América es hoy en día un puzzle de gentes de muy diversas procedencias (Europa, África, Asia) llegados -o traídos a la fuerza- en distintas épocas. Con un pronunciado nivel de mestizaje, en Latinoamérica sobre todo. ¿Cuánto tiempo hay que residir en un lugar para ser considerado de allí? ¿Cuántas generaciones? ¿Qué porcentaje de sangre indígena cuando lo generalizado entre la población es la mezcla? ¿Y alguien piensa de verdad que los pueblos originarios son los mismos que hace 500 años, que se mantienen idénticos a sí mismos a través de los siglos?
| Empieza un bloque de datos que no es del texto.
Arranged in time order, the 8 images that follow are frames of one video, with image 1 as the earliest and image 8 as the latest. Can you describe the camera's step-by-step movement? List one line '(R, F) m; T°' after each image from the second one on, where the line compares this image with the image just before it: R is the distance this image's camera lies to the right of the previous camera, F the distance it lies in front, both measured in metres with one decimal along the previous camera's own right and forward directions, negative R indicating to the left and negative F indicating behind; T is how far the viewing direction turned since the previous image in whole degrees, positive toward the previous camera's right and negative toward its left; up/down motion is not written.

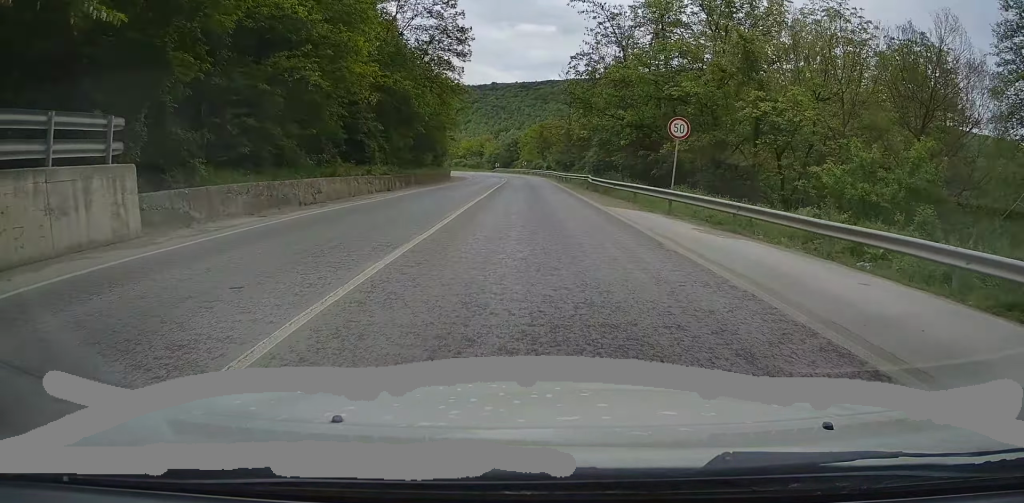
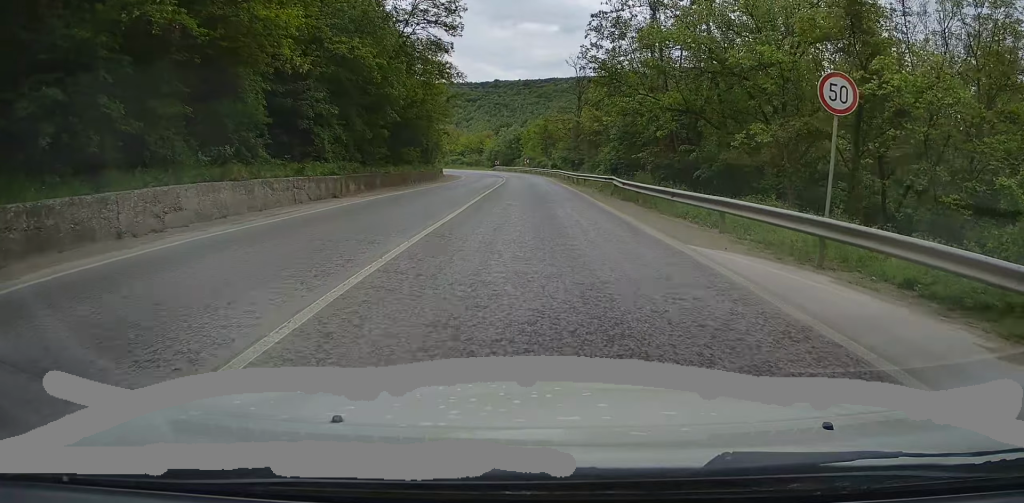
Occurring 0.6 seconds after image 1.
(-0.2, +11.2) m; -1°
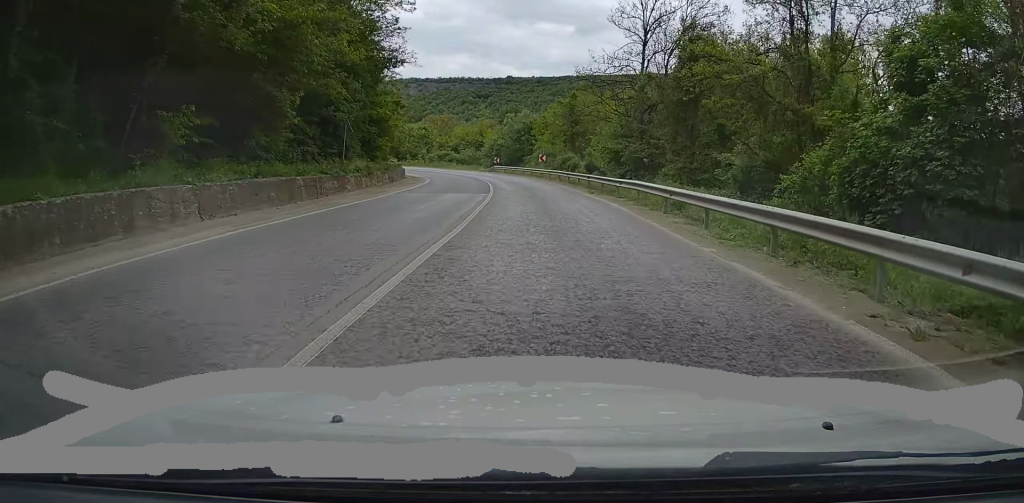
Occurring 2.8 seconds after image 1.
(-0.6, +38.4) m; -1°
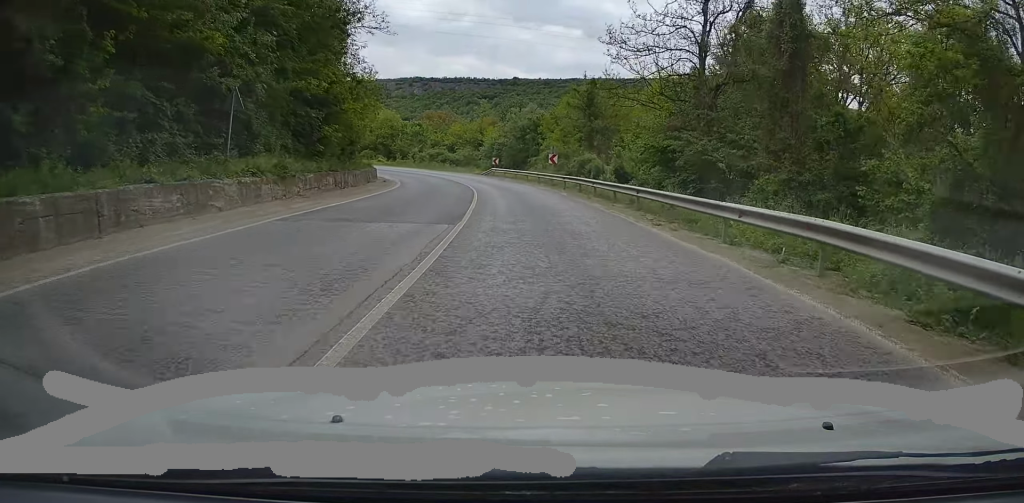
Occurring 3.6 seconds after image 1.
(-0.1, +13.9) m; -1°
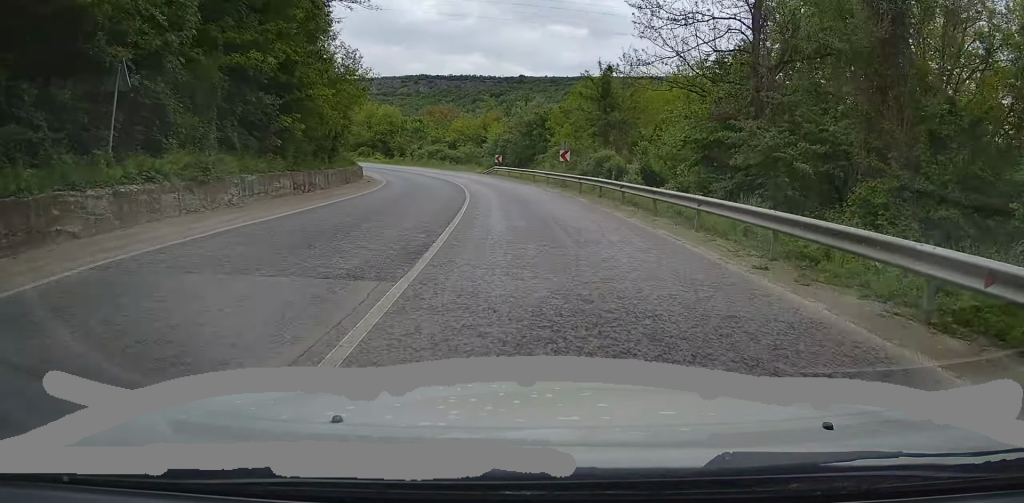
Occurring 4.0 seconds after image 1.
(0.0, +6.6) m; -1°
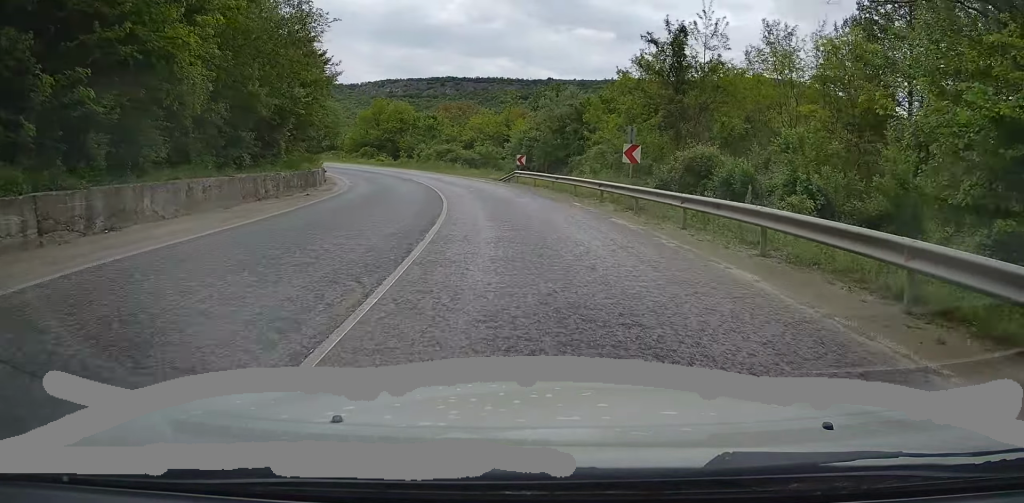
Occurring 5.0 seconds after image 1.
(-0.2, +15.5) m; -3°
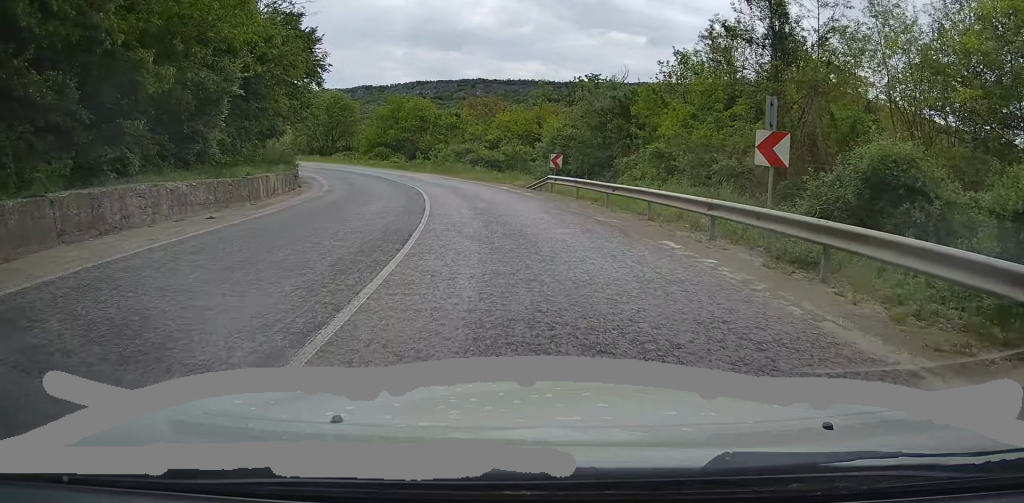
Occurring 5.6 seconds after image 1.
(-0.2, +10.0) m; -3°
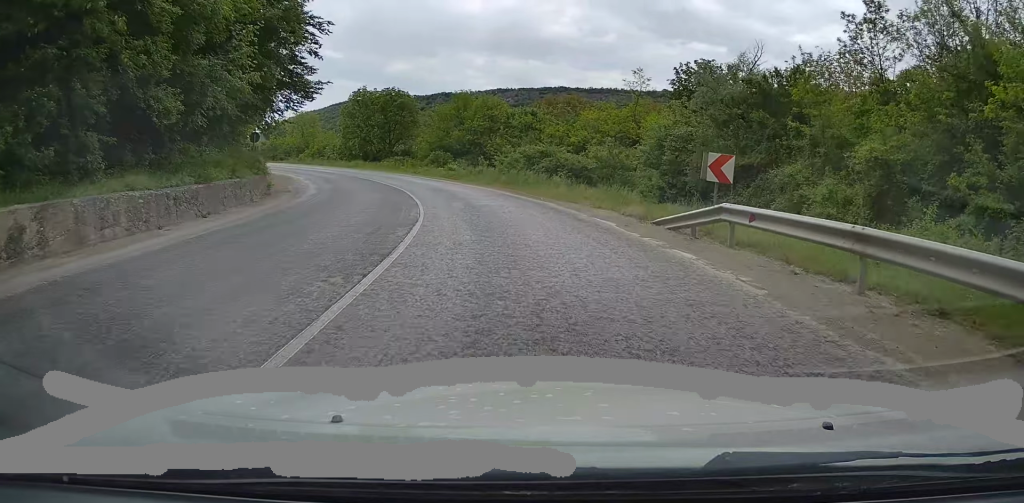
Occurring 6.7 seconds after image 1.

La historia de la humanidad ha sido -y sigue siendo- una continua peregrinación a la búsqueda de nuevos territorios que colonizar, o en los que vivir y progresar. Por tanto, lo de originario, en términos históricos, exige siempre ponerle fecha, aunque el abanico sea de miles de años. Se considera que los indígenas americanos son descendientes de poblaciones asiáticas que atravesaron el estrecho de Bering en épocas de glaciaciones. Y, a su vez, se da también por seguro que la totalidad de homo sapiens procedemos de África. Así que los pueblos originarios de América proceden de Asia y, yendo aún más atrás en el tiempo, de África, del mismo continente de donde venimos todos.
Pueblos originarios, comunidades indígenas, indígenas americanos, pueblos amerindios, civilizaciones precolombinas… No me convence la pretensión de imponer una determinada terminología. ¿Deberíamos decir, acaso, películas de pueblos originarios y vaqueros? ¿Es también incorrecto hablar de indianos?
Lo que sí tiene sustancia es que los pueblos originarios -y sus élites, que ya las había- fueron vencidos y sometidos por quienes procedían de Europa, de entre los que surgieron nuevas clases dominantes. En algunos casos, la población autóctona fue exterminada. La historia es sumamente cruel.
La cuestión no es diferenciar a los autóctonos de los de fuera. Ni reivindicar la vuelta a un pasado idílico que nunca existió. Los paraísos originales son mitos. Como la pureza de las identidades.
Lo que importa es afrontar la realidad. Lo trascendente -y doloroso- es que, a pesar de los siglos transcurridos, muchas comunidades indígenas siguen viviendo en condiciones lamentables.
Que los indígenas americanos sean ciudadanos de primera -en sus países y en el mundo global en que vivimos- es de justicia elemental.
Y conseguirlo exige hechos, acciones, acertar con la vía adecuada para avanzar. Poco añade enredarse con el uso de una u otra terminología.